Am just wondering if anyone else is seeing blue screens with Curit.
I get them frequently and have no other security software installed on this computer. Usualy duringa full scan.

Hi,

all i get from Curit is a "unknown software exception" from setup.exe before the scan should start.

Cheers

-{ Quote: "Am just wondering if anyone else is seeing blue screens with Curit.
I get them frequently and have no other security software installed on this computer. Usualy duringa full scan." }-
i'll download and try it for ya.

edit: no problems here, have you recently installed a piece of software/hardware? if so, it might be conflicting and/or its using a dodgy driver, try a different/updated one.

It is my new On-demand scanner. No problems here, too.
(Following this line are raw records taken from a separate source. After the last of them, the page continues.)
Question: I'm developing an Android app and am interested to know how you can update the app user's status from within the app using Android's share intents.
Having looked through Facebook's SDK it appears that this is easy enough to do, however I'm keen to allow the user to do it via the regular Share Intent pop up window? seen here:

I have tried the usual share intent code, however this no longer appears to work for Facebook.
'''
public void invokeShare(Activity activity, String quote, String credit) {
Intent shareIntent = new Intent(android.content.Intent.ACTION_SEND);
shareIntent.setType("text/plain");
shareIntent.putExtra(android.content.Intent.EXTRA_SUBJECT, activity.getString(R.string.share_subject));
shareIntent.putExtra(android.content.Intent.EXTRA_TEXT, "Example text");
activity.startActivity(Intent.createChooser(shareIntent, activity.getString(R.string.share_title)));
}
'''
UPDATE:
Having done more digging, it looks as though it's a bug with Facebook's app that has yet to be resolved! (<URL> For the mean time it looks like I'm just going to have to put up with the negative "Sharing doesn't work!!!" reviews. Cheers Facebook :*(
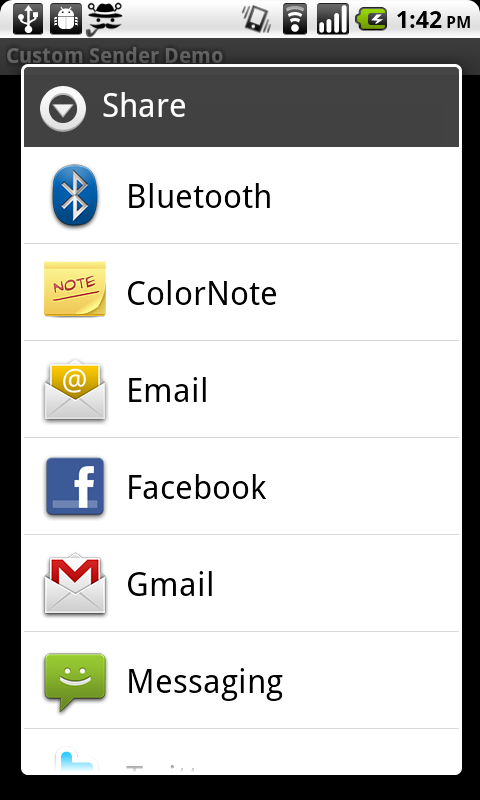
Answer: > The Facebook application does not handle either the 'EXTRA_SUBJECT' or 'EXTRA_TEXT' fields.
Here is bug link: <URL>
Thanks @billynomates:
> The thing is, if you put a URL in the 'EXTRA_TEXT' field, it
work. It's like they're intentionally stripping out any text.

Great tool !

-{ Quote: "Hi,

all i get from Curit is a "unknown software exception" from setup.exe before the scan should start.

Cheers" }-
You should not use multi thread downloader.

Hi,

Didn't use any download manager, tried to download it with Firefox and Opera.
Maybe there is a problem with KIS7 or EQSecure, which I use for realtime protection.
But even if I shutdown both I get this "unknown software exception" window.

Cheers

Is drweb the faulting application? If software enabled, try making a "dep" exception.

GF

as it happens dr web nuke cure it.. wiped out an important pc tools firewall file... without asking...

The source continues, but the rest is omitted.